At this time, conventional techniques still have their justification in the lab since precise modification of DNA via homologous recombination, especially with large constructs, is not as robust as necessary via CRISPR/Cas9. However, one has to take into account that this is a very recent technology, whilst work to improve the generation of genetically modified mice via homologous recombination in embryonic stem cells has been ongoing for more than 25 years. We therefore may see extensive improvements over the coming years once we gain a better understanding of the underlying mechanisms. With improvements in targeting efficiencies there could be opportunities for further reductions in the number of mice used for the generation of the animal model to be studied: In many cases mutations are still introduced into ES cells that are used for the generation of live mice.
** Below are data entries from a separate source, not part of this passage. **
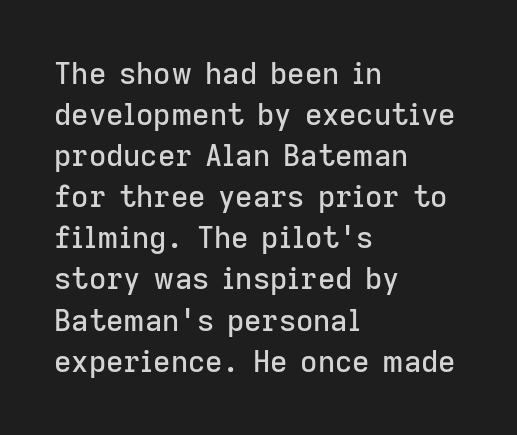
Q: Is the text italic (slanted)? A: No, it is upright.
Q: Is the typeface a serif or a sans-serif typeface? A: Sans-serif.
Q: Is the text underlined? A: No.
Q: How is the paragraph aligned? A: Left-aligned.
Q: Is the spacing between letters normal or unusually wide? A: Normal.
Q: Is the spacing between lines tight, normal or loose? A: Normal.
Q: Width (condensed, normal, or wide)? A: Normal.
Q: Stroke contrast? A: Low.
Q: x-height? A: Medium.
Q: Monospaced? A: No.

Even though culture conditions have been improved over the years, cell clones show a fairly high degree of aneuploidy so that multiple clones have to be injected to generate chimeric offspring that transmit the mutation to their progeny. Due to the non-chimeric nature of CRISPR/Cas9, mutated individuals will in most cases transmit. Therefore an improved ratio of mutant to wildtype offspring could directly reduce the number of animals produced. However, the degree of mosaicism could counteract this reduction. CRISPR/Cas9 technology has the potential that several mutations can be introduced on different alleles at the same time, even homozygously, once the mosaicism issue is solved. Alternatively, complex mutations can be generated by adding additional mutations in pronuclear stage embryos of mutant backgrounds. With a sufficient increase in efficiency, this promise does appear realistic (Williams et al., 2016). This would mean that instead of producing a plethora of unwanted mice with unwanted genotypes in the process of breeding compound mutants, one could proceed right to the desired combination of mutated alleles.

We expect to see an increase in the number of species that will undergo complex targeted genetic manipulation. Still, a significant increase in laboratory animal numbers is not expected. The research infrastructure has been developed and is still being developed for large scale mouse breeding. The breeding of rats takes up much more space and only a few centers have the infrastructure for larger animals. The applicability of the technology to non- human primates means they are also more often nowadays used for transgenic animal research, especially in countries where such research is not strictly regulated. This is another issue of public concern and will require an ethical evaluation process beyond the scope of the 3R approach. CRISPR/Cas9 technology is widely used to genetically manipulate zebrafish. An increase in zebrafish numbers similar to what is foreseen in the mouse can be expected. On the other hand there will be projects where the zebrafish is now amenable to the introduction of complex targeted genetic manipulation and can therefore replace the mouse as a model – a clear refinement in accordance with the 3Rs.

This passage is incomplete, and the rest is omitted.